# Seeing Other Uber Drivers in Driver App



## Yulli Yung (Jul 4, 2017)

Is there any way to see where all the other Uber drivers or located on the drivers app? It would be helpful to know if I am waiting very near another driver .


----------



## Windycityguy (Apr 20, 2017)

Pretty simple, download the pax app and turn it on. You'll see all the ants racing around where you are


----------



## Trafficat (Dec 19, 2016)

Not in the driver app but you can run the passenger app at the same time as the driver app and then you can check the map for the drivers.


----------



## JimKE (Oct 28, 2016)

You can't see any other drivers on the Driver App.

On the Rider App, you will see the 8 closest ants who are driving the category your app is set on. So if it's on Pool, you'll see anybody who can take Pool, including higher platforms. If you set it on LuxSUV, you will see only Lux SUV's.

If a driver has their destination filter set, they will not show up on the Rider App, but they could get the ping if it matches their DF.

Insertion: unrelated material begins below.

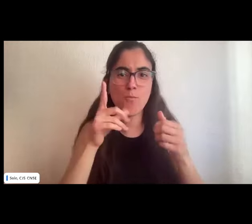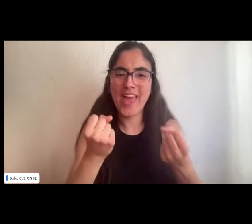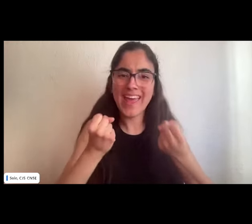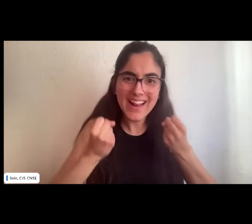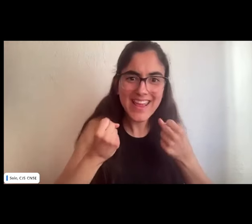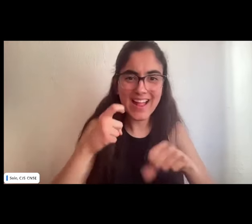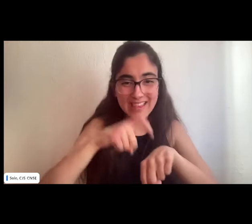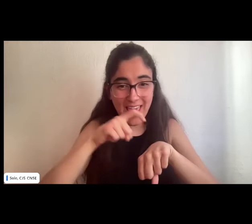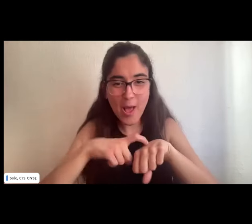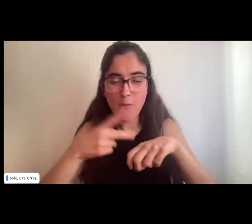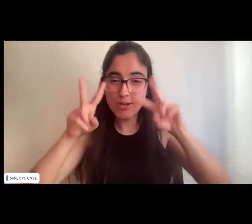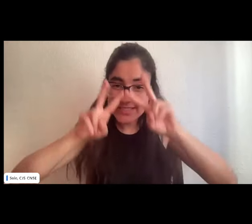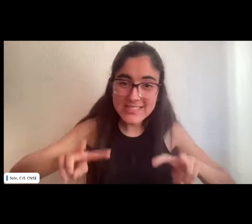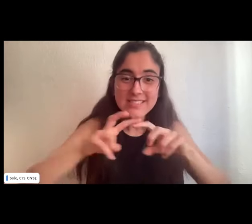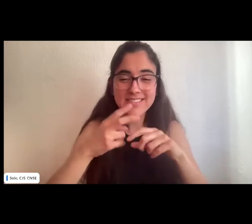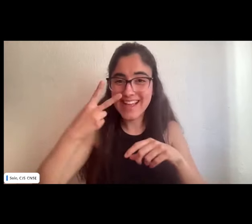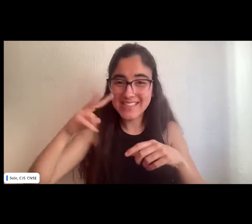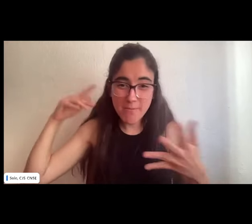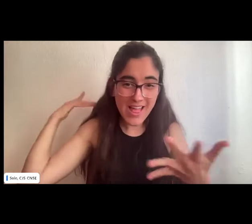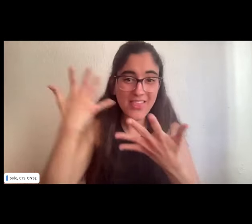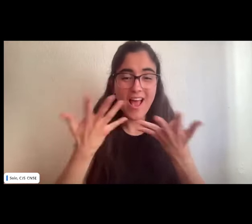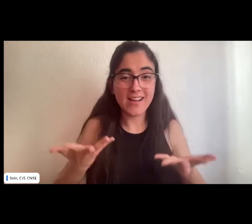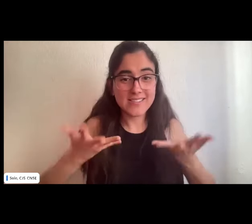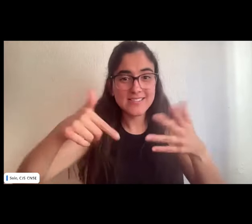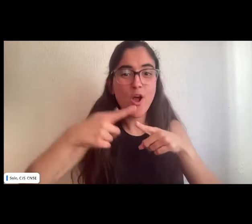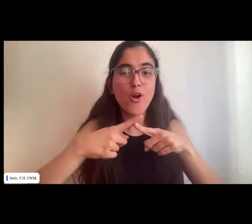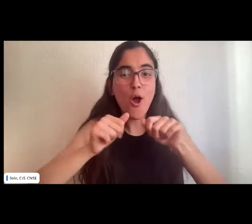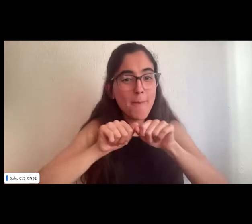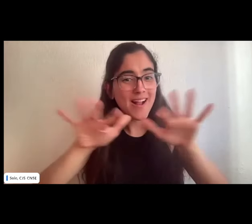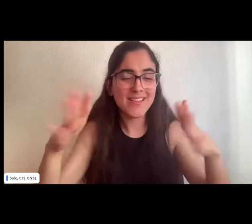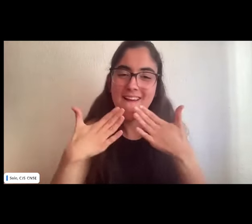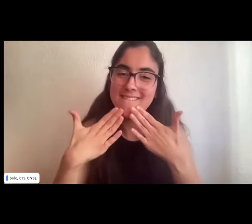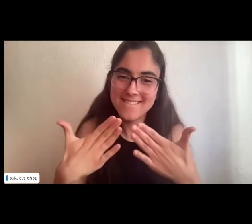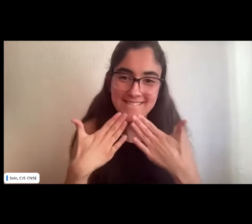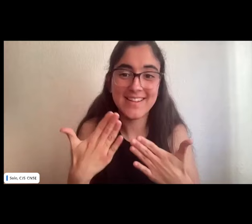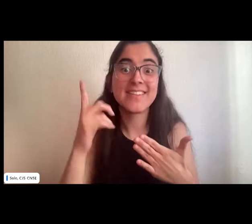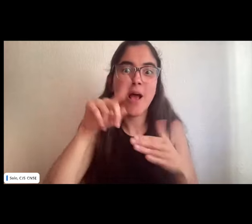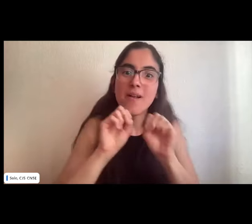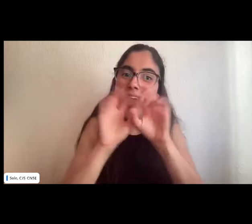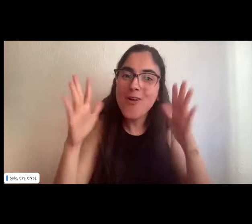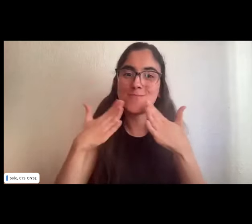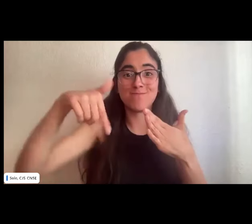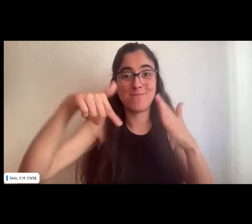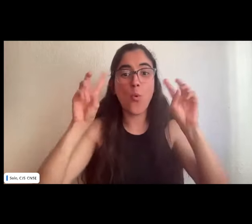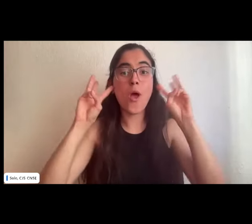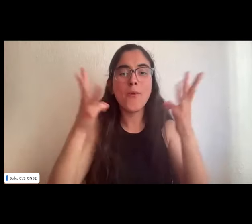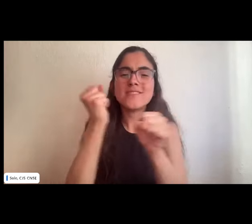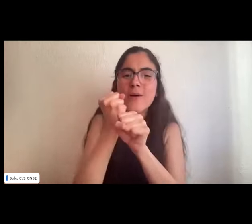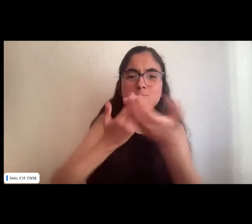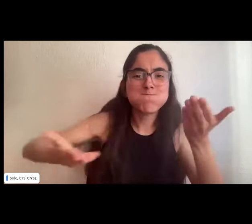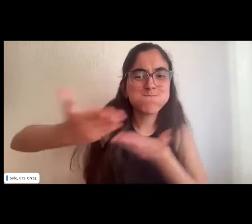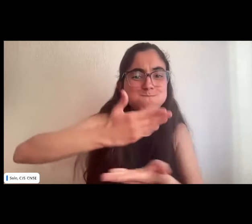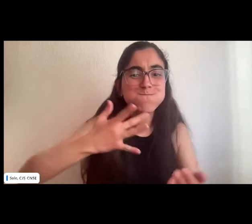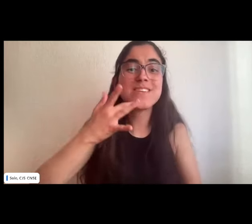quiero agradecer a Pere por su energía su tiempo su investigación y su experiencia que ha compartido en el día
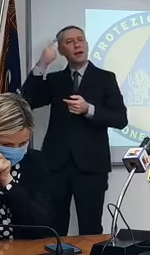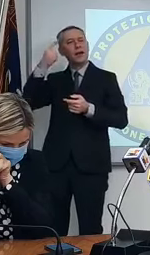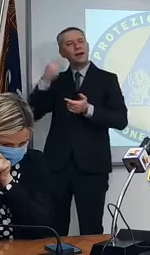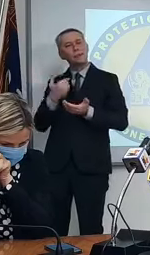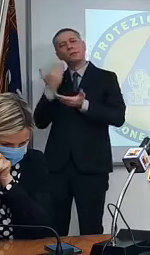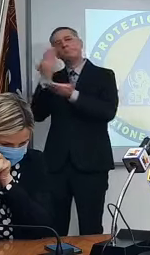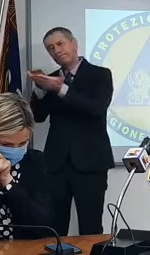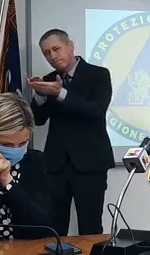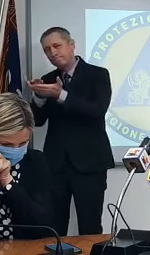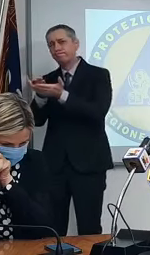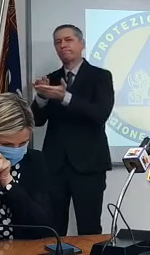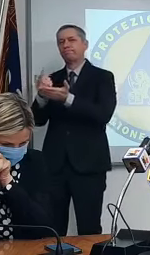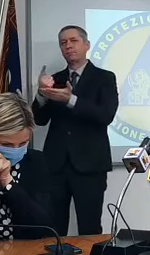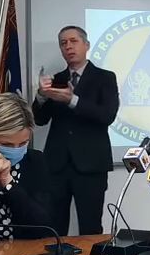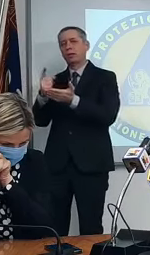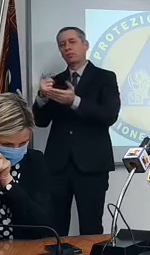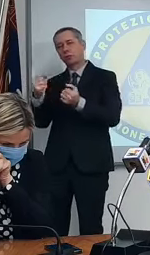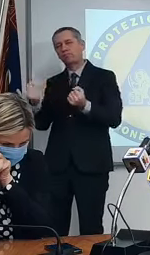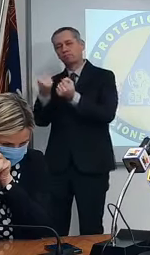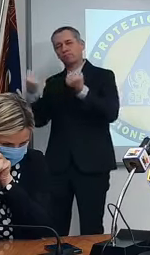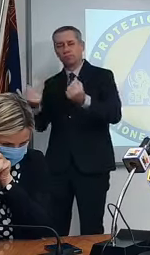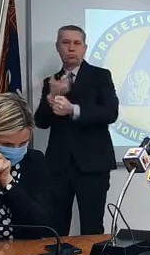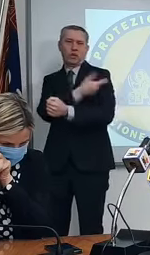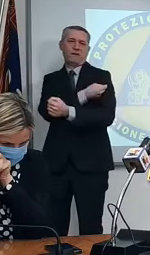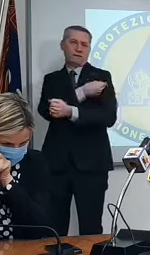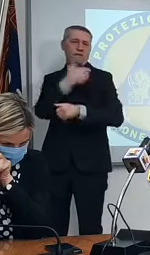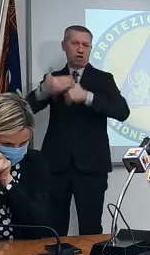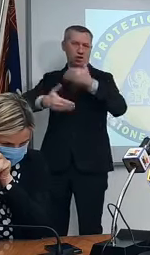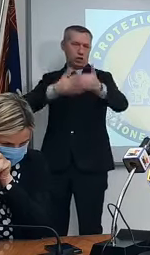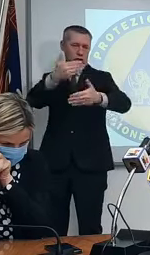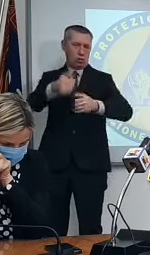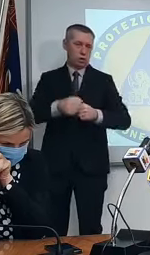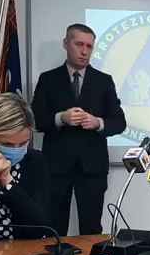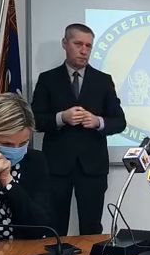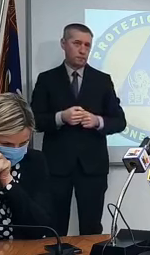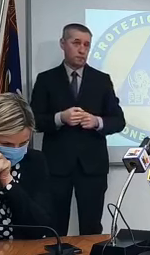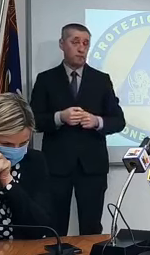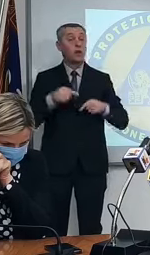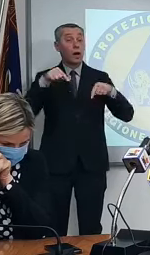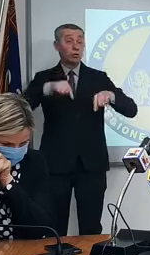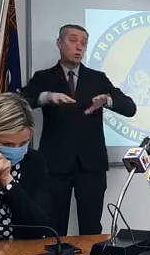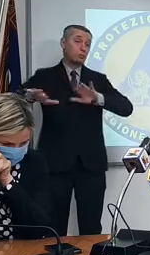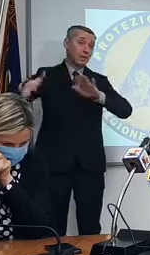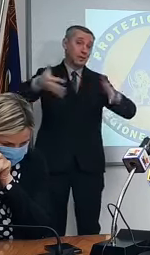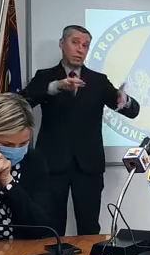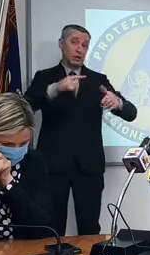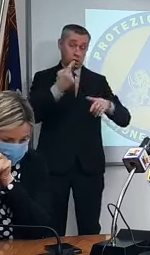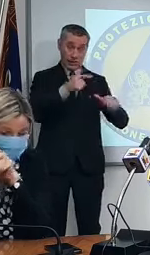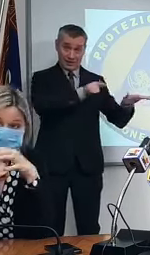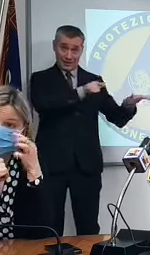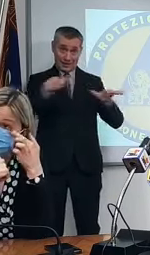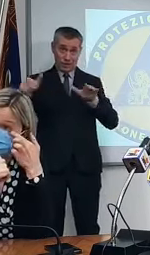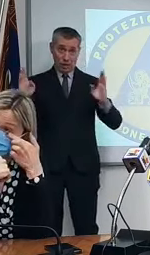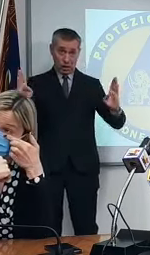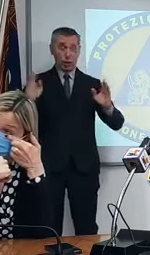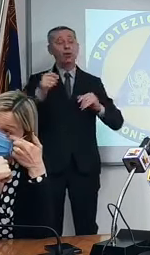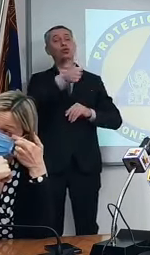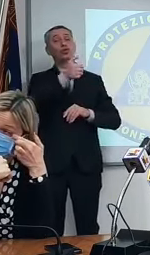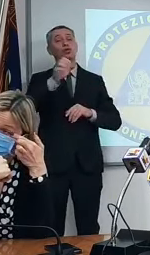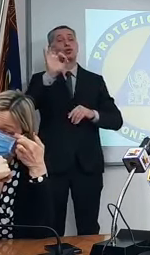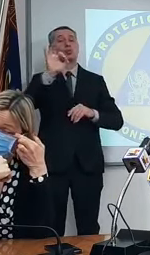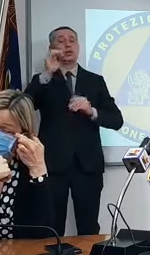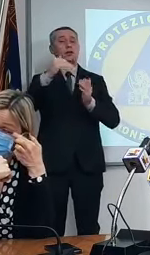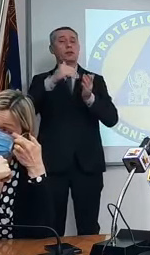più performanti nella vaccinazione. Considerate che noi abbiamo adesso mediamente ogni settimana 150.000

I personally think checking out other drivers is highly overrated as a driving strategy and only use it occasionally...like at a big mall.


----------



## Yulli Yung (Jul 4, 2017)

JimKE said:


> You can't see any other drivers on the Driver App.
> 
> On the Rider App, you will see the 8 closest ants who are driving the category your app is set on. So if it's on Pool, you'll see anybody who can take Pool, including higher platforms. If you set it on LuxSUV, you will see only Lux SUV's.
> 
> ...


 Is there any way to see all of the vehicles on the screen in any app??


----------



## JimKE (Oct 28, 2016)

Yulli Yung said:


> Is there any way to see all of the vehicles on the screen in any app??


No.


----------



## Yulli Yung (Jul 4, 2017)

JimKE said:


> No.


Can you be a little more brief??


----------